92 params = opt.get_parameter()
93 r = params['antenna_radius']
94 w = params['substrate_w']
95 return w / 2 - r # unit: mm
96
97
98def port_is_inside_antenna(Femtet, opt):
99 """Calculate the relationship between the feed port location and antenna size."""
100 params = opt.get_parameter()
101 r = params['antenna_radius']
102 x = params['port_x']
103 return r - x # unit: mm.
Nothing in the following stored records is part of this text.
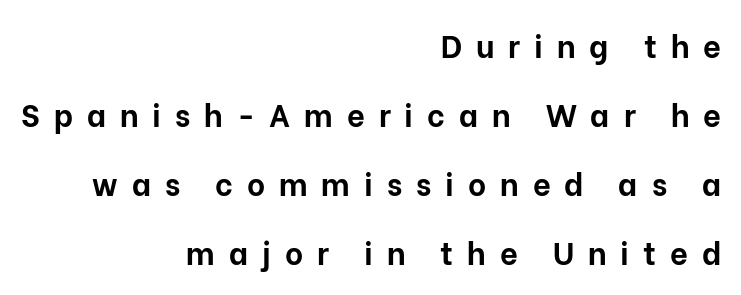
The image shows 31 px bold sans-serif type, upright; set right-aligned, loose line spacing (2.23x), unusually wide letter spacing (+0.45 em), not underlined; low stroke contrast and a medium x-height.
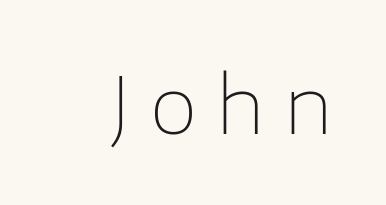
{"serif": "no", "italic": "no", "bold": "no", "weight": "thin", "width": "normal", "stroke_contrast": "low", "x_height": "medium", "monospaced": "no", "underline": "no", "letter_spacing": "wide", "letter_spacing_em": 0.25, "glyph_px": 78}
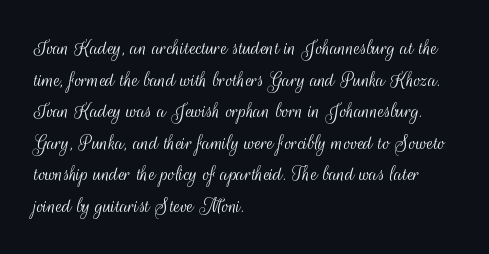
The image shows 23 px text type; set left-aligned, normal line spacing (1.37x), normal letter spacing, not underlined.
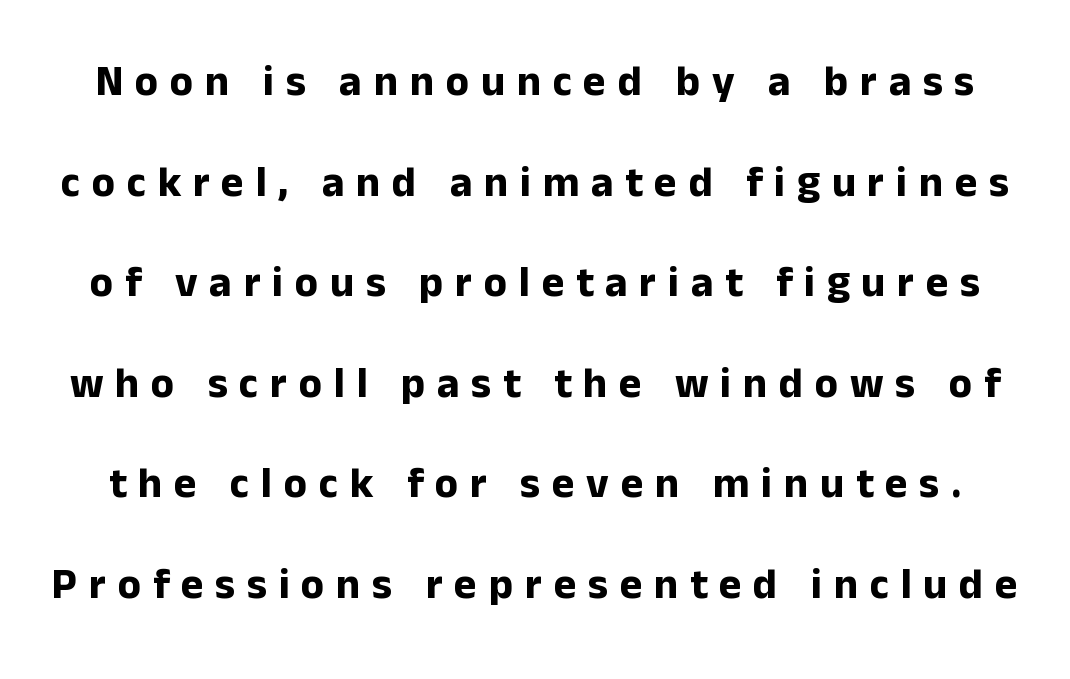
The face used here is proportionally spaced, like ordinary book or web type. A sans-serif font was chosen for this passage. The space directly below the letters is spotless. The letters stand straight up with perfectly vertical stems. Horizontal bands of white between lines are thick stripes.

Must be equal to or grater than 1 mm.
104
105
106if __name__ == '__main__':
107 # Initialize the object for calculating frequency characteristics.
108 s = SParameterCalculator()
109
110 # Initialize the numerical optimization problem.
111 # (determine the optimization method)
112 opt = OptunaOptimizer(
113 sampler_class=PoFBoTorchSampler,
114 sampler_kwargs=dict(
115 n_startup_trials=4,
116 partial_optimize_acqf_kwargs=PartialOptimizeACQFConfig(
117 timeout_sec=30.,
118 ),
119 )
120 )
121
122 # Connect to Femtet (Disable GUI result to reduce the rendering load when switching modes.)
123 fem = FemtetInterface(
124 open_result_with_gui=False
125 )
126
127 # Initialize the FEMOpt object.
128 # (establish connection between the optimization problem and Femtet)
129 femopt = FEMOpt(fem=fem, opt=opt)
130
131 # Add design variables to the optimization problem.
132 # (Specify the variables registered in the femprj file.)
133 femopt.add_parameter('antenna_radius', 10, 5, 20)
134 femopt.add_parameter('substrate_w', 50, 40, 60)
135 femopt.add_parameter('port_x', 5, 1, 20)
136
137 # Add the constraint function to the optimization problem.
138 femopt.add_constraint(fun=antenna_is_smaller_than_substrate, name='antenna and substrate clearance', lower_bound=1, args=(opt,))
139 femopt.add_constraint(fun=port_is_inside_antenna, name='antenna and port clearance', lower_bound=1, args=(opt,))
140
141 # Add the objective function to the optimization problem.
142 # The target frequency is 3.3 GHz.
143 femopt.add_objective(fun=s.get_resonance_frequency, name='first resonant frequency(Hz)', direction=3.3 * 1e9)
144
145 femopt.set_random_seed(42)
146 femopt.optimize(n_trials=10)
Execution Result of the Sample Code
Execution result of her_ex40_parametric.py. The horizontal axis is the number of iterations, and the vertical axis is the resonant frequency.
After 10 iterations, the the best frequency was calculated to be 3.29 GHz.
Note
Results may vary slightly depending on the versions of Femtet, PyFemtet, and the optimization engine it depends on.